TASK GOAL:
Print the listing below exactly, images excluded.

TASK MATERIAL:
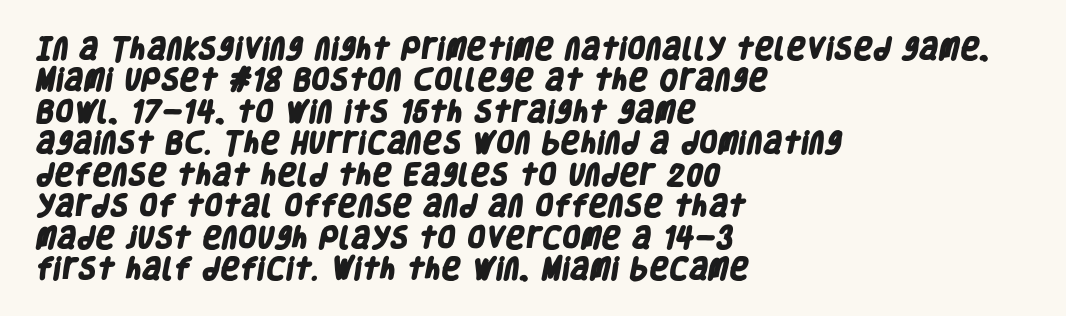
Q: Is the text bold? A: Yes.
Q: Is the text underlined? A: No.
Q: How is the paragraph aligned? A: Left-aligned.
Q: Is the spacing between letters normal or unusually wide? A: Normal.
Q: Is the spacing between lines tight, normal or loose? A: Normal.
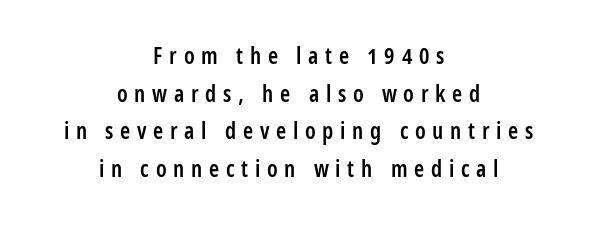
In terms of leading, this rendering sits right in the middle. The rendering inserts visible extra space after every character. The specimen omits any rule beneath the text block's lines. Look at the stroke-to-counter ratio: somewhat heavy, a semibold.

COMPLETED TASK:
Q: Is the text bold? A: Yes.
Q: Is the text underlined? A: No.
Q: How is the paragraph aligned? A: Left-aligned.
Q: Is the spacing between letters normal or unusually wide? A: Normal.
Q: Is the spacing between lines tight, normal or loose? A: Normal.
In terms of leading, this rendering sits right in the middle. The rendering inserts visible extra space after every character. The specimen omits any rule beneath the text block's lines. Look at the stroke-to-counter ratio: somewhat heavy, a semibold.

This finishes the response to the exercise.